Restate the records below word for word, and omit the images they hold.

[Source records]
________________________

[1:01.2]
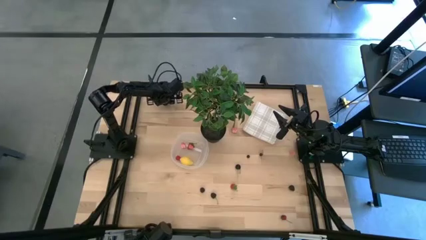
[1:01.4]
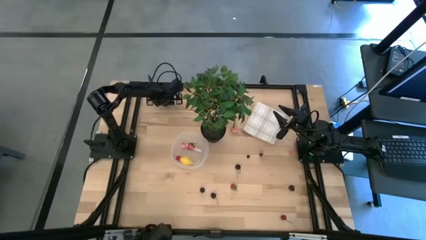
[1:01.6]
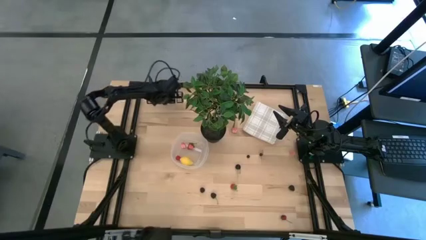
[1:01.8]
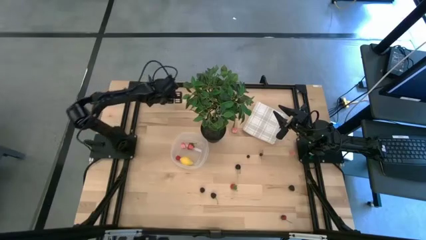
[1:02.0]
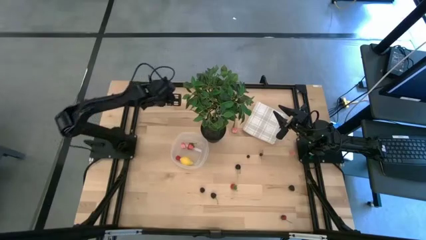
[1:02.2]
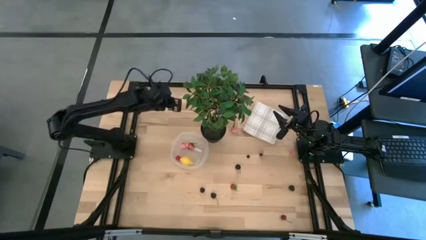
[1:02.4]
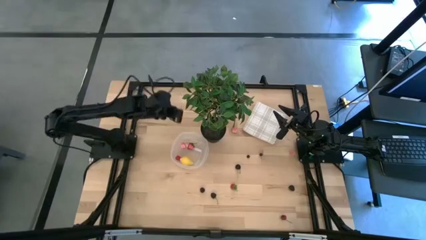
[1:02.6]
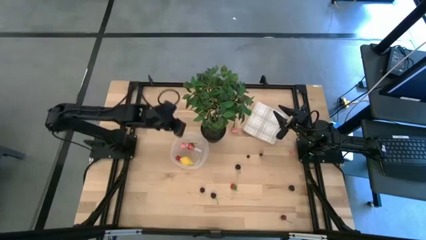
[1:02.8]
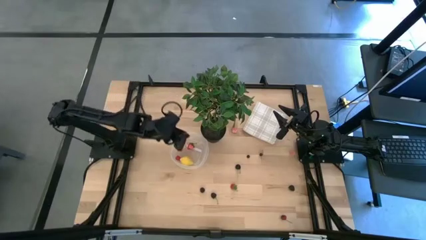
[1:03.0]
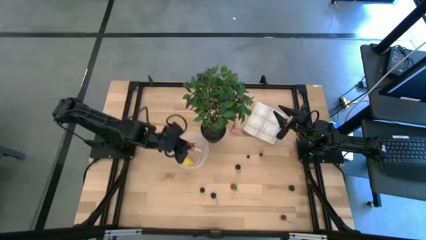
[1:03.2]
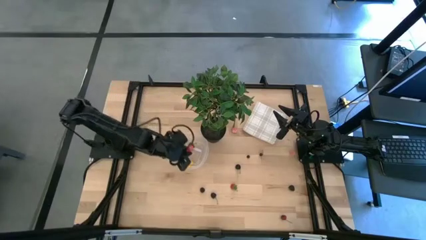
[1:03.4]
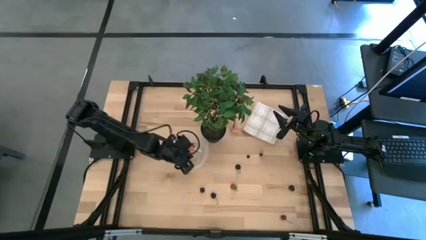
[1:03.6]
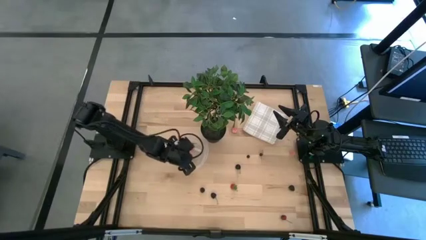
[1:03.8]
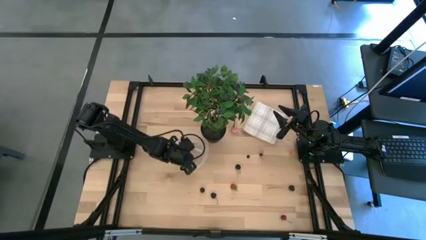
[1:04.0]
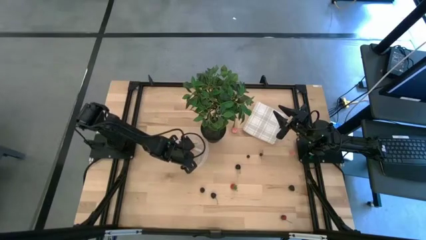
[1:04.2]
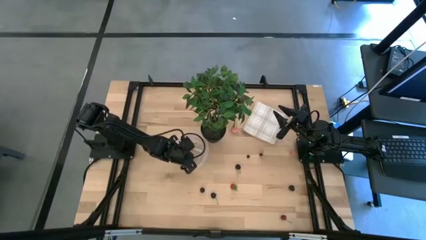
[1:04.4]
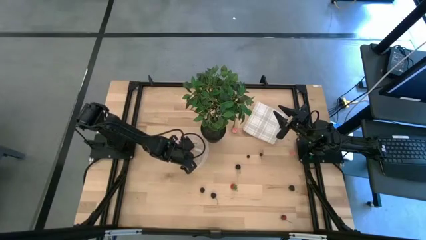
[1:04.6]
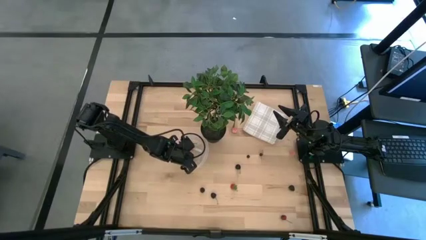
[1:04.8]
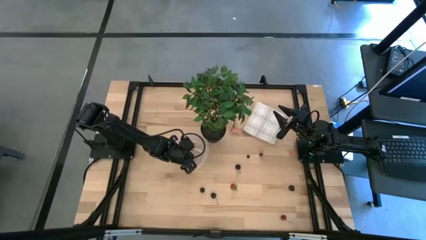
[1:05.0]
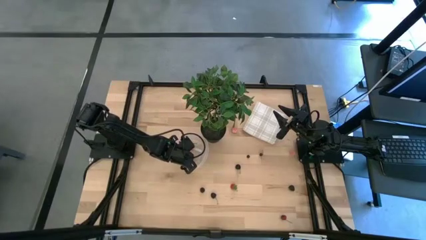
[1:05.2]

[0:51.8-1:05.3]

________________________

**Solution to this exercise:**
[1:01.2]
[1:01.4]
[1:01.6]
[1:01.8]
[1:02.0]
[1:02.2]
[1:02.4]
[1:02.6]
[1:02.8]
[1:03.0]
[1:03.2]
[1:03.4]
[1:03.6]
[1:03.8]
[1:04.0]
[1:04.2]
[1:04.4]
[1:04.6]
[1:04.8]
[1:05.0]
[1:05.2]

[0:51.8-1:05.3]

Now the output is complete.